In the copy, include no pictures. Reproduce the rest of the entries exactly.
:: RECORDS FOR THE TASK
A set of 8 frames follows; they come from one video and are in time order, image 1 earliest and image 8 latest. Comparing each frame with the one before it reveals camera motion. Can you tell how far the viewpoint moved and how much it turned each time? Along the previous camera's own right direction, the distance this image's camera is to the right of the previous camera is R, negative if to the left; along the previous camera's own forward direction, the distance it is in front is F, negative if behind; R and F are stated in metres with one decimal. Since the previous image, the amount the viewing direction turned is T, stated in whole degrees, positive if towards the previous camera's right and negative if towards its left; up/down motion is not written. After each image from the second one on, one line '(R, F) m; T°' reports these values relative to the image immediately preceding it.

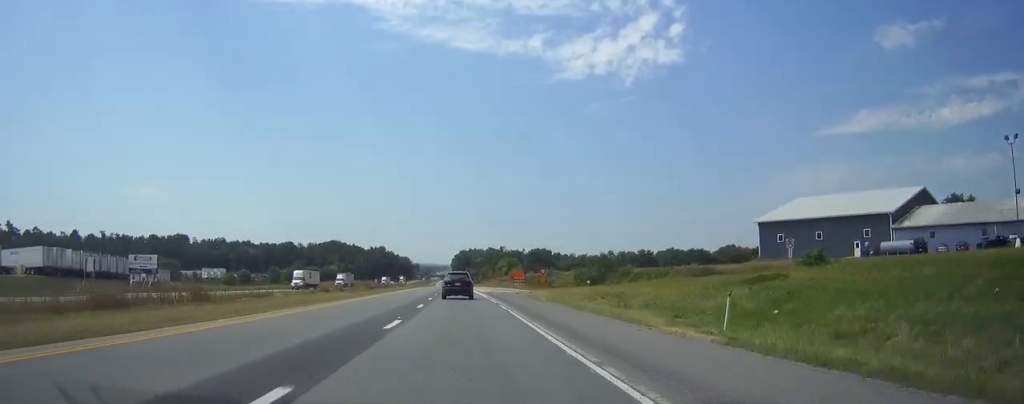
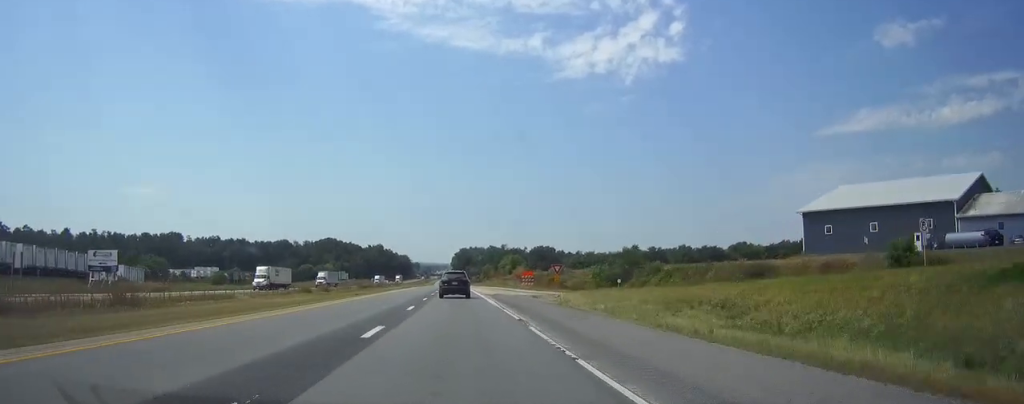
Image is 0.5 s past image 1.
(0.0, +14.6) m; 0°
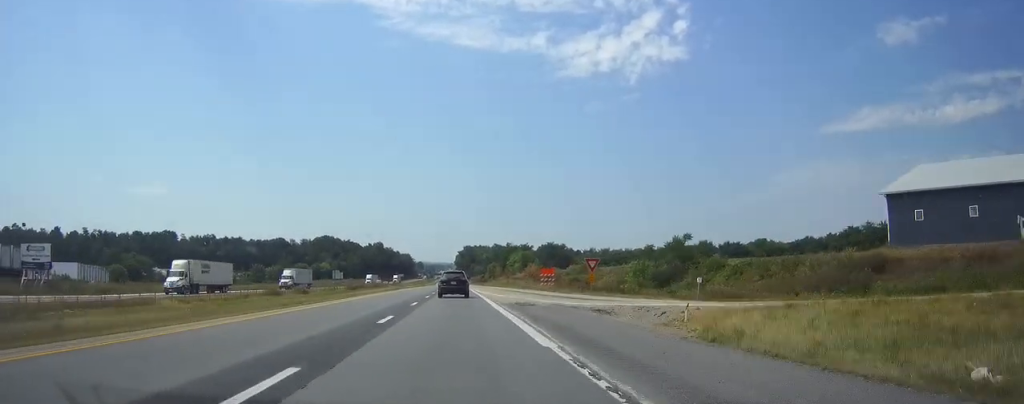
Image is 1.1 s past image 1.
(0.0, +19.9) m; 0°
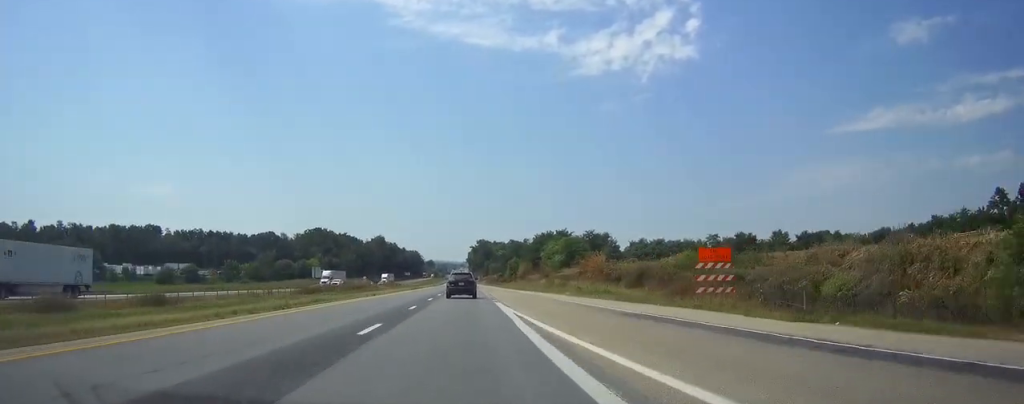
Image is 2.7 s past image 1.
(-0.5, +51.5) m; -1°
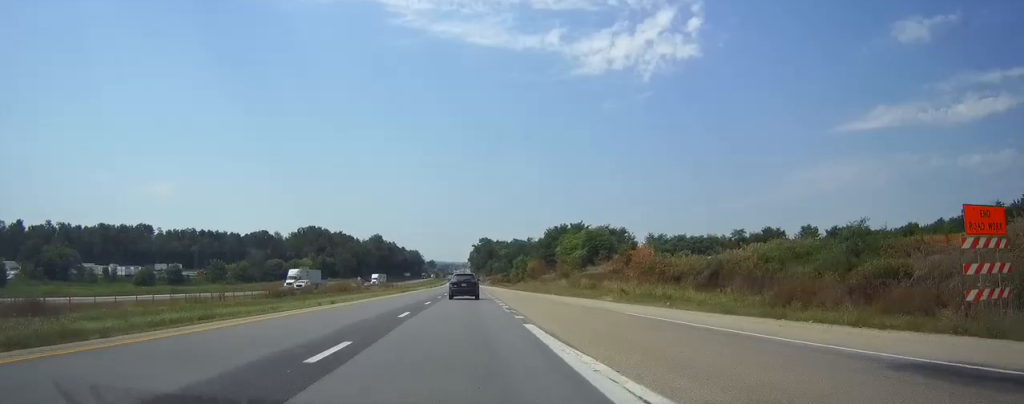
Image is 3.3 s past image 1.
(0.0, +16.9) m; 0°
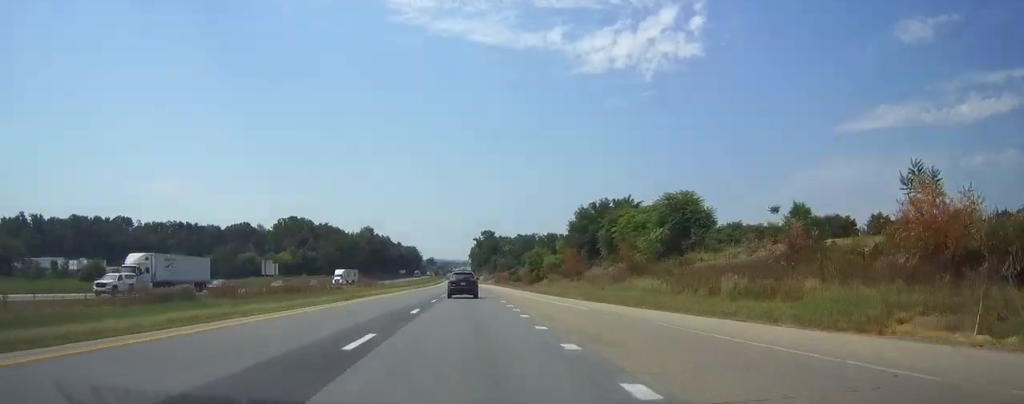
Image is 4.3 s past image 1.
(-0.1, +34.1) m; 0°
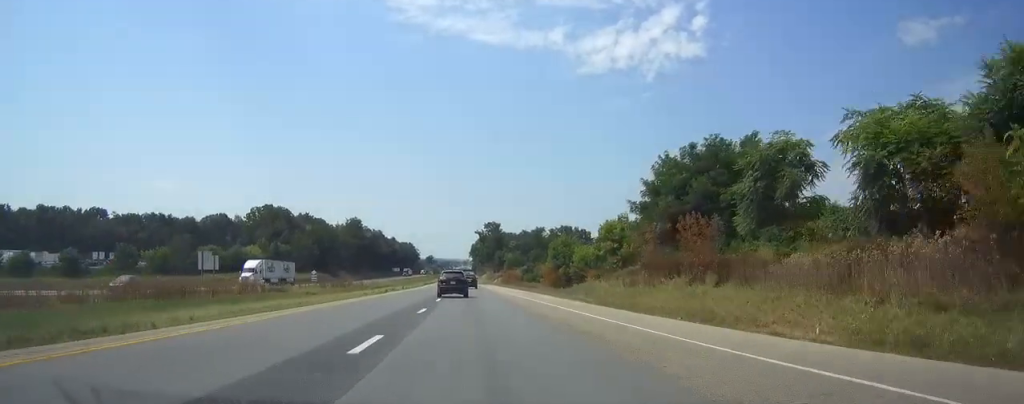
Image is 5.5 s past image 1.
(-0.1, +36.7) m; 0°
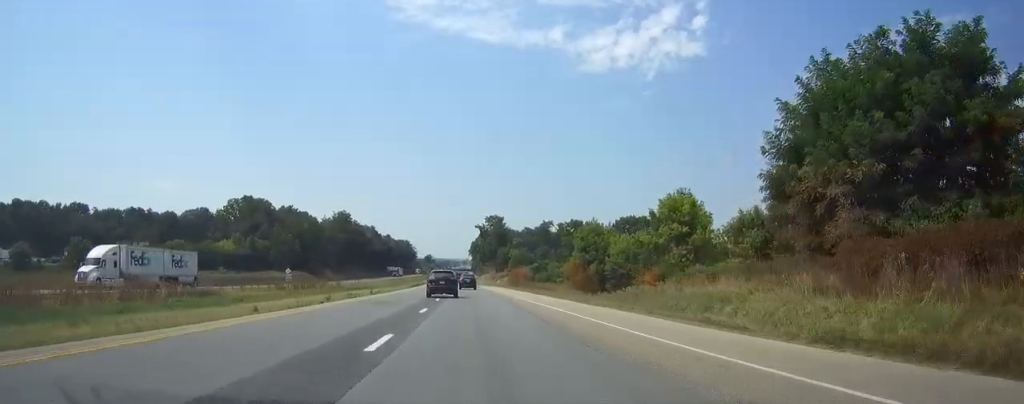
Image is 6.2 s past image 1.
::::
> [RESULT FOR THIS TASK]
A set of 8 frames follows; they come from one video and are in time order, image 1 earliest and image 8 latest. Comparing each frame with the one before it reveals camera motion. Can you tell how far the viewpoint moved and how much it turned each time? Along the previous camera's own right direction, the distance this image's camera is to the right of the previous camera is R, negative if to the left; along the previous camera's own forward direction, the distance it is in front is F, negative if behind; R and F are stated in metres with one decimal. Since the previous image, the amount the viewing direction turned is T, stated in whole degrees, positive if towards the previous camera's right and negative if towards its left; up/down motion is not written. After each image from the second one on, one line '(R, F) m; T°' reports these values relative to the image immediately preceding it.

Image is 0.5 s past image 1.
(0.0, +14.6) m; 0°
Image is 1.1 s past image 1.
(0.0, +19.9) m; 0°
Image is 2.7 s past image 1.
(-0.5, +51.5) m; -1°
Image is 3.3 s past image 1.
(0.0, +16.9) m; 0°
Image is 4.3 s past image 1.
(-0.1, +34.1) m; 0°
Image is 5.5 s past image 1.
(-0.1, +36.7) m; 0°
Image is 6.2 s past image 1.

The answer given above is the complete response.